00:09:34:42 – 00:09:56:44
Clint Loveall
And and I think that there is there is freedom in that confession, but there’s also serious responsibility in it as well and accountability. And so, yeah, not not not much not a long passage, but really powerful. I think if you listen to this one, it kind of kind of hits like a hammer.
00:09:56:49 – 00:10:29:31
Michael Gewecke
Yeah. And part of that hammer maybe is very contemporary, Clint, in the sense that that this word here hypocrisy is one of the chief complaints leveled against organized religion in our day, the idea that Christians have claimed that we should be something and then we publicly approve or publicly accept behavior or ideas or words that are radically divergent from the things that we claimed that makes this even more pressing.
00:10:29:31 – 00:10:48:52
Michael Gewecke
I think if we’re going to be honest, what it does is it calls Christians to account that instead of being fixated on focused on what others may or may not be doing right or what they may or may not be doing wrong, Christians would do very well to clean house.
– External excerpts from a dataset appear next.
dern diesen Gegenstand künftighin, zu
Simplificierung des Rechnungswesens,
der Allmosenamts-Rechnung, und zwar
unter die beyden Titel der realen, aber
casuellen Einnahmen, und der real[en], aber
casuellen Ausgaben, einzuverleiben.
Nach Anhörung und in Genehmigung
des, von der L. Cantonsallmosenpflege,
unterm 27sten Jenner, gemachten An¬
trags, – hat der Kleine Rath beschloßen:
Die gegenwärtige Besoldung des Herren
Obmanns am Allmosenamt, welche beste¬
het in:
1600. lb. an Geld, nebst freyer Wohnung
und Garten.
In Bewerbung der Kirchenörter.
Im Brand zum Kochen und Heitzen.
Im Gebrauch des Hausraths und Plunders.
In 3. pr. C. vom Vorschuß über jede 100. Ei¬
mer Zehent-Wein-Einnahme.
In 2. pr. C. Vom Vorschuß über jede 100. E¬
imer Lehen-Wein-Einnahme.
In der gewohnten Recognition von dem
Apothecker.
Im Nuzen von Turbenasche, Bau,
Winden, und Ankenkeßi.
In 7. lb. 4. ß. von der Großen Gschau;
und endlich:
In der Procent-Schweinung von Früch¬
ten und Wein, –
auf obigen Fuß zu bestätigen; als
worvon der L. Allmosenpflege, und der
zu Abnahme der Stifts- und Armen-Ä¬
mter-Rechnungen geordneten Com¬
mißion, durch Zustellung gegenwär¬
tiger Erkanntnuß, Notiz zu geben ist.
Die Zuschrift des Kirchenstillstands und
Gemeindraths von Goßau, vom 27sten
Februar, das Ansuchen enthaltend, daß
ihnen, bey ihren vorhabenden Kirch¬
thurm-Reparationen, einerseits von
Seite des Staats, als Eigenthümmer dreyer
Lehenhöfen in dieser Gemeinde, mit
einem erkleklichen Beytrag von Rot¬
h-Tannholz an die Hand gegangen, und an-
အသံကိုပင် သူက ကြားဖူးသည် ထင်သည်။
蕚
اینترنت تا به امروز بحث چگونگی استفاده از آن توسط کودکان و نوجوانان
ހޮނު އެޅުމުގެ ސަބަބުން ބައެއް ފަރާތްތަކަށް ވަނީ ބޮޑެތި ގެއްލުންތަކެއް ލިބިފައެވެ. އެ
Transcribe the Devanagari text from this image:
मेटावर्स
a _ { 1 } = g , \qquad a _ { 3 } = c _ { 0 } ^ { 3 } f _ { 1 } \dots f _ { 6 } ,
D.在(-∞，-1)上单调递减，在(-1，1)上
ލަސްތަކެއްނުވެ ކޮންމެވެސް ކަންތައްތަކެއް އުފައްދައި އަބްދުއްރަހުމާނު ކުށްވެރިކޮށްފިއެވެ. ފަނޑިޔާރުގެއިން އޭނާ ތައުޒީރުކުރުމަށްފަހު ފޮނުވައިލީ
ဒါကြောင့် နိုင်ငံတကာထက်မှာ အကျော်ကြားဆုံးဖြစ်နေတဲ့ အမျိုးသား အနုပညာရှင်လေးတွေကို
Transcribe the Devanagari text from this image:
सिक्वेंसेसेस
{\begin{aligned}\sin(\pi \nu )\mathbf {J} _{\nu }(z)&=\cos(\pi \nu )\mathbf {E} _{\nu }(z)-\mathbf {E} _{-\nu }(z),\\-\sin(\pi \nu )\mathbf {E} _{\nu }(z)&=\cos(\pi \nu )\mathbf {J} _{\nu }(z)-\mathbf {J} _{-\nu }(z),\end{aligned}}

We would do very well to tend to the darker places of our own souls.
00:10:48:52 – 00:11:16:06
Michael Gewecke
And that’s not a comfortable call. It’s not a comfortable thing to be told that we have to be responsible for engaging in these places that we, by definition don’t want to go. But there is something about spiritual discernment. There’s something about spiritual maturity involved in that conversation. And I think we do well to not rush beyond words like this to the next words, because this is an uncomfortable section.
00:11:16:06 – 00:11:22:23
Michael Gewecke
It it’s uncomfortable because it was pointed and it because Jesus is wise and we should live in that.
00:11:22:28 – 00:11:50:24
Clint Loveall
Yet Jesus and the New Testament in general are never surprised when the world acts like the world. The word hypocrite means an act or one who plays a part. And that is no surprise to Jesus that there are people who do that. It is a disappointment. It it is even a thing that angers Jesus that Christians do it, that people of faith do it.
00:11:50:29 – 00:12:23:57
Clint Loveall
It is part of our struggle because we’re human. But Jesus is going to have harsh words for those who seek to appear to be something that they’re not genuinely trying to be. Those the words reserved for those people in Jesus, in the Gospels are almost exclusively harsh. And so this we will see this idea again. We’ll see a little bit of it in tomorrow’s passage.
00:12:24:01 – 00:12:29:49
Clint Loveall
But this is a this is, I just think, a really convicting kind of moment in the in the gospel.
00:12:29:51 – 00:13:00:45
Michael Gewecke
I’ll be very brief with this. But but your comment there, your use of the word genuine triggered for me a particular thought. So we’re just at the counter. We’re doing dishes together as a family just last night and our girls were supposed to unload the dishwasher and they started arguing with one another over the fact that the other wasn’t doing the stuff that they were supposed to do and they were keeping score and they were going back and forth at each other and they started telling each other what the other one was thinking.
00:13:00:50 – 00:13:23:55
Michael Gewecke
And I there was a moment where I said, you know, you guys don’t know what the other person is thinking as best as you think you do, you’re not in another person’s head. And I think that that we’re genuine is helpful. We are very quick to ascribe to other people. Well, you didn’t mean that or you didn’t say that on purpose or we ascribe what is or isn’t genuine to another person.
00:13:24:00 – 00:13:49:10
Michael Gewecke
This is by definition a hard text because it resists that, because it’s not about whether or not they’re genuine. It’s not about the hypocrisies. Jesus has already had a word with them that was just a few verses before this war. This for us and the genuineness of our action can only be measured between ourselves and God. And when we try to rush beyond that relationship, that’s where we get into trouble.
00:13:49:10 – 00:13:55:19
Michael Gewecke
Once we start attributing to other people. This is what’s genuine for you. I think that’s where we find ourselves in trouble.
00:13:55:24 – 00:14:11:33
Clint Loveall
Yeah, I imagine it would be a very humbling and probably direction setting practice in those moments of our life where we’re tempted to hide something, to think someday this will be out in front of everyone, right?
00:14:11:38 – 00:14:12:36
Michael Gewecke
This is going to be played.
00:14:12:50 – 00:14:19:18
Clint Loveall
That could that could that could be helpful. It would certainly be humbling.
00:14:19:22 – 00:14:38:03
Michael Gewecke
But we’re humbled to have you with us and glad that you stay with us to this point. We are thrilled. For those who are regular participants in these studies. We’ve now broken 600 subscribers on the YouTube channel and that is really amazing. We hope that you’ll continue along the journey of Luke with us. We’re certainly blessed to have you here.
00:14:38:07 – 00:14:43:07
Michael Gewecke
We look forward to seeing you next week or tomorrow. That next well and next week. But tomorrow.
00:14:43:12 – 00:14:43:55
Clint Loveall
Thanks, everybody.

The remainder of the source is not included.